1. Remove old solder from connection pads. You will need something that absorbs molten tin. Normally you would use wick, but if you have any spare flexible cable, there's a high chance it will have a similar structure to wick, but honestly I'd just buy wick instead. :)

EDIT: Forgot to tell how to use wick.
Easy - stretch it out a little so it's wider, put some flux on it, place it on top of a portion of tin you want to remove, and then heat it all up with soldering iron right from the top. This will heat up wick and solder underneath it, and should absorb tin. Remove wick and soldering iron together, as you may end up with wick soldered to a board. :)

Old tin will refuse sticking to anything. That's why you should apply flux on it before proceeding. Flux is a chemical that removes oxides and promotes bonding. I am not aware of any replacements found around the house, unless you have a violin, then you could use rosin as a flux for leaded tin.
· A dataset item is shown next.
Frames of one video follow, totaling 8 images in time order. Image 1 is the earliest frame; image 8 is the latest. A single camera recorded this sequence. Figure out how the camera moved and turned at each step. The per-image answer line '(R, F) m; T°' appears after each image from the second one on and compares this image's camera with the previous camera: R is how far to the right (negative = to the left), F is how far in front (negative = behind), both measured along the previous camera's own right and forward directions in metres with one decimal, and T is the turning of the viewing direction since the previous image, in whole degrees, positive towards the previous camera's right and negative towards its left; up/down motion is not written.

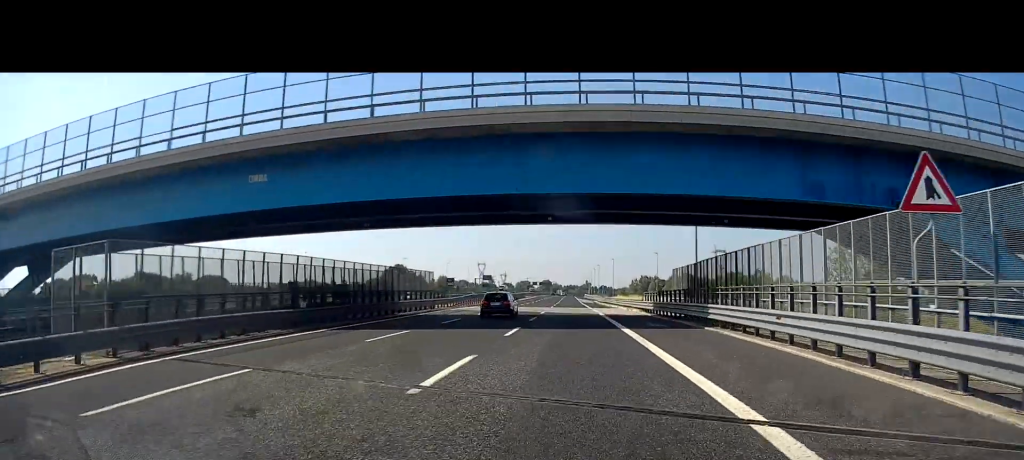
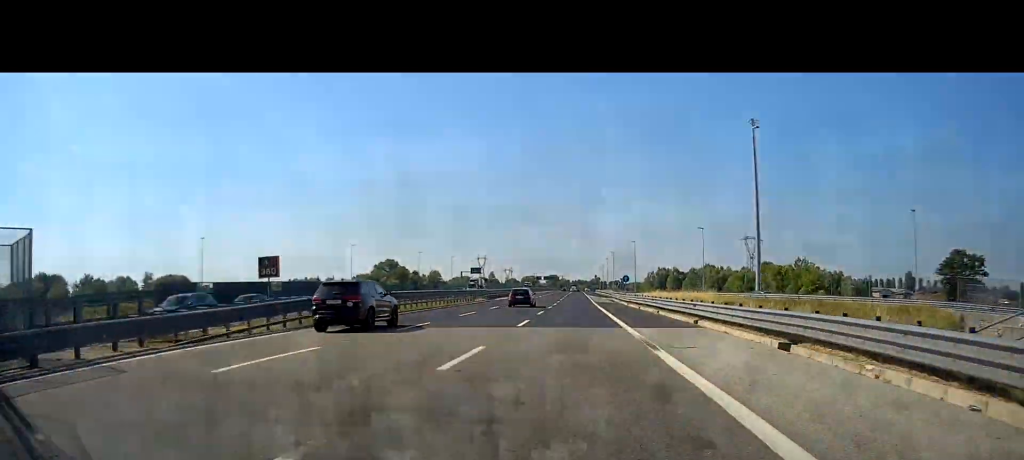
(0.0, +42.2) m; -1°
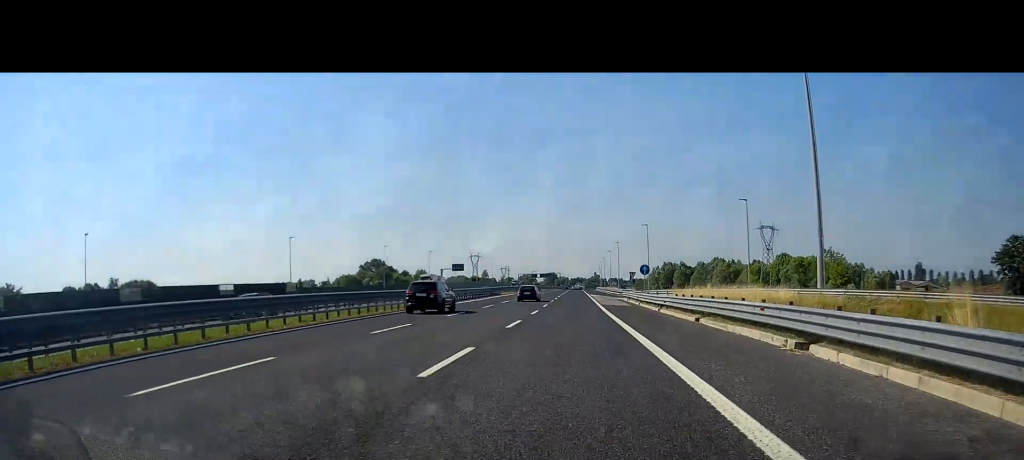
(-0.3, +25.2) m; 0°
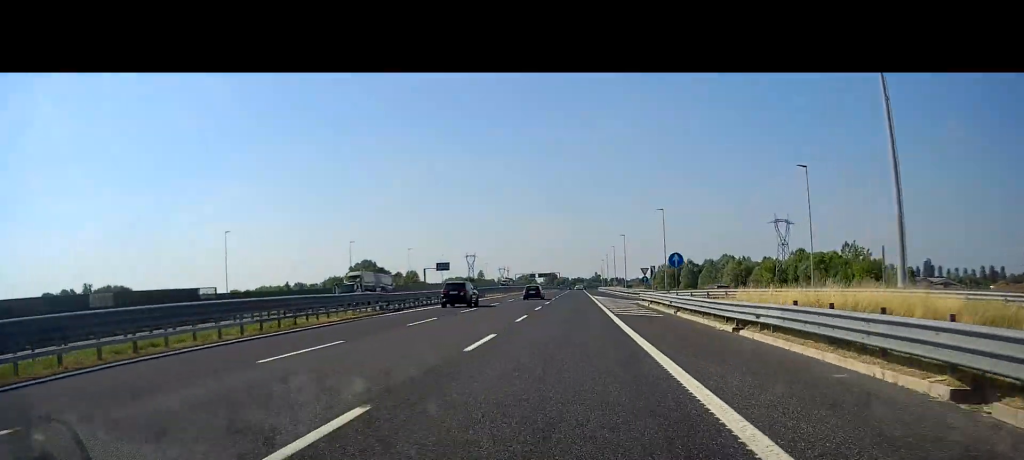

2. With your pads clean, you will be able to place a socket where it should be. Solder first pin of a socket in place, and last pin. If you think you did a poor job, you may heat up these two joints, one at a time, and make small adjustments. Remember not to heat up socket pin for too long (count to 4 or something), as socket plastic may melt and deform.

Blowing with your mouth at a freshly made joint actually helps cure it faster, so you don't have to wait 10 seconds in awkward position for the tin to go solid.
If it takes 10 seconds for the bond to cure, you're using too high temperature, by the way.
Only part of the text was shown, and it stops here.